--- START ---
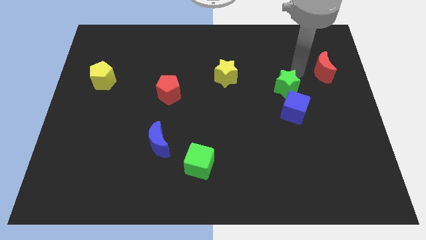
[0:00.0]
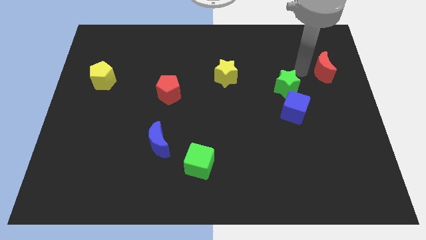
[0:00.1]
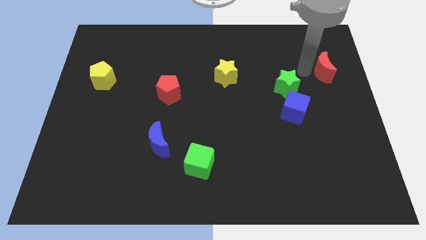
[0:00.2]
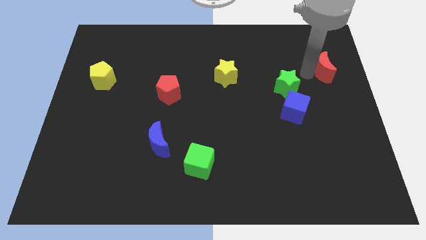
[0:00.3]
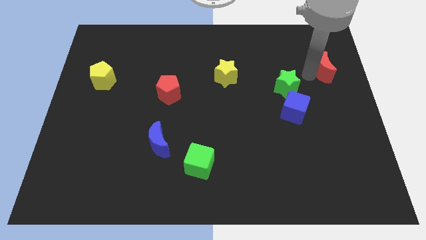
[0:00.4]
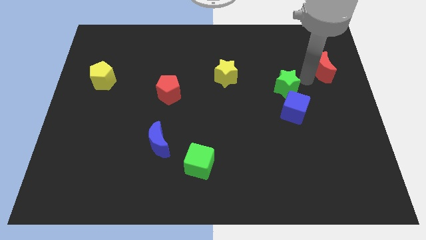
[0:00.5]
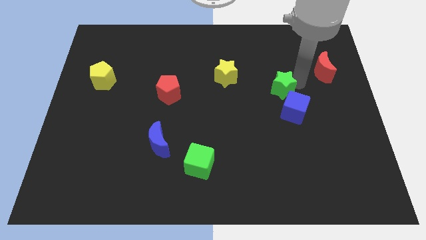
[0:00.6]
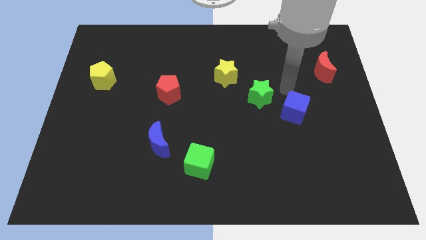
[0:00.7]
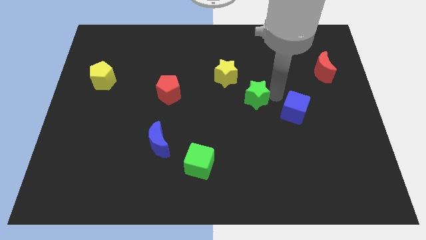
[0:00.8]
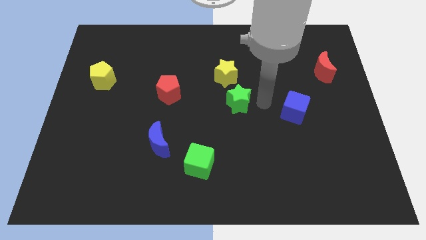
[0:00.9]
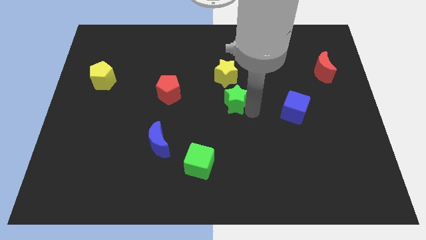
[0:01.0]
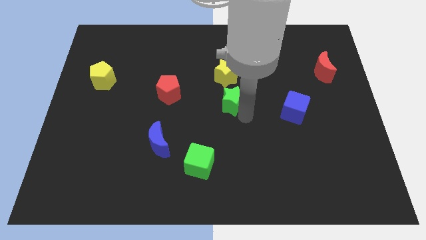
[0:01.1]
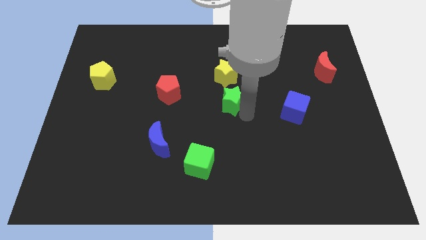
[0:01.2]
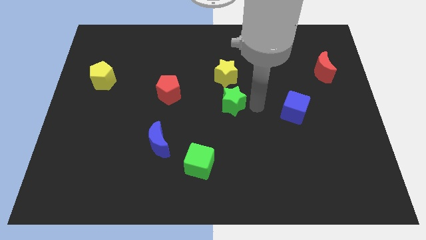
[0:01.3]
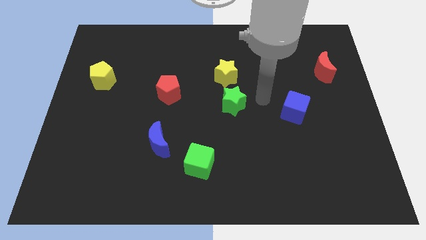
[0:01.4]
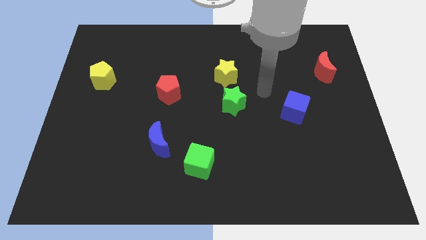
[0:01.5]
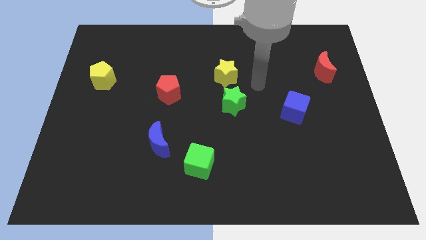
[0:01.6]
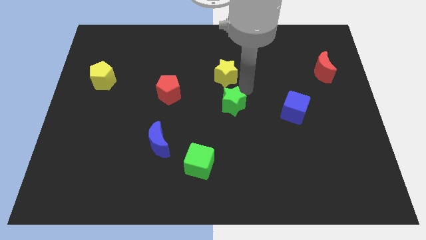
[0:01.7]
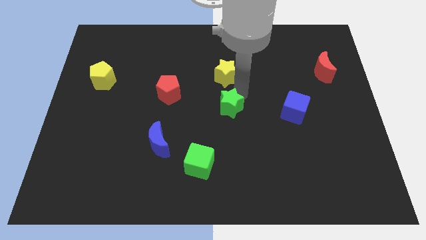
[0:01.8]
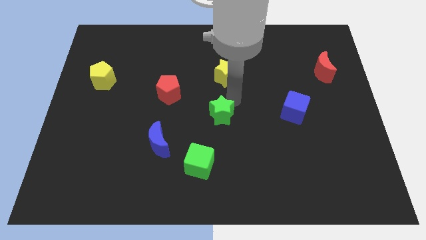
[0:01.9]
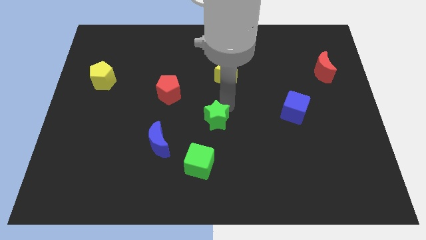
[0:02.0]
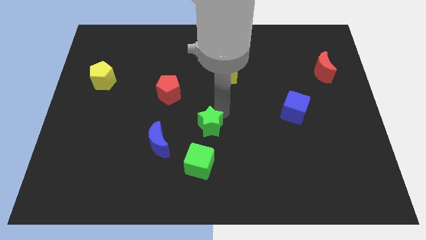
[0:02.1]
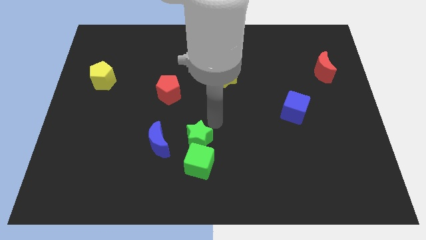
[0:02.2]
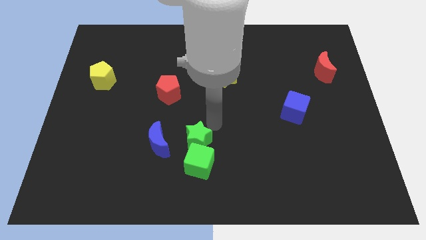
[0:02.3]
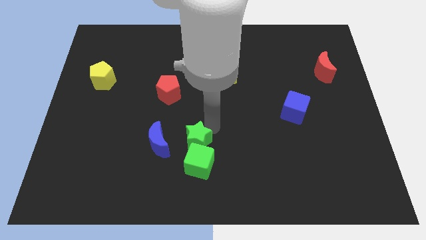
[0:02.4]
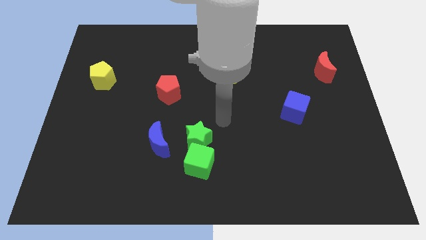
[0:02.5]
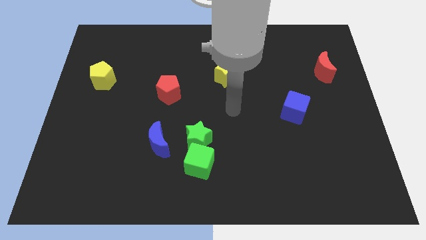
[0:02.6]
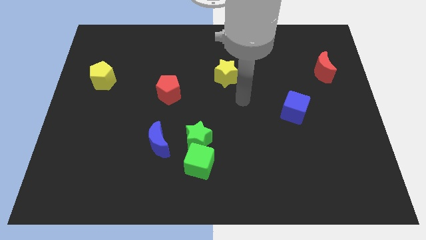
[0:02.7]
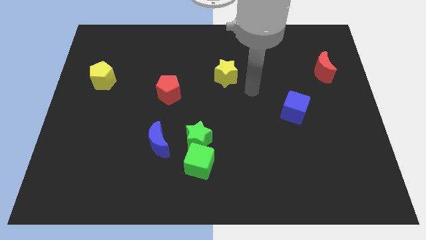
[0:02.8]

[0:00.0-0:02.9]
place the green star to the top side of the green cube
--- END ---
**Task prompt:**
Restate every line above word for word. Do not carry over the images.

**Exercise result:**
[0:00.0]
[0:00.1]
[0:00.2]
[0:00.3]
[0:00.4]
[0:00.5]
[0:00.6]
[0:00.7]
[0:00.8]
[0:00.9]
[0:01.0]
[0:01.1]
[0:01.2]
[0:01.3]
[0:01.4]
[0:01.5]
[0:01.6]
[0:01.7]
[0:01.8]
[0:01.9]
[0:02.0]
[0:02.1]
[0:02.2]
[0:02.3]
[0:02.4]
[0:02.5]
[0:02.6]
[0:02.7]
[0:02.8]

[0:00.0-0:02.9]
place the green star to the top side of the green cube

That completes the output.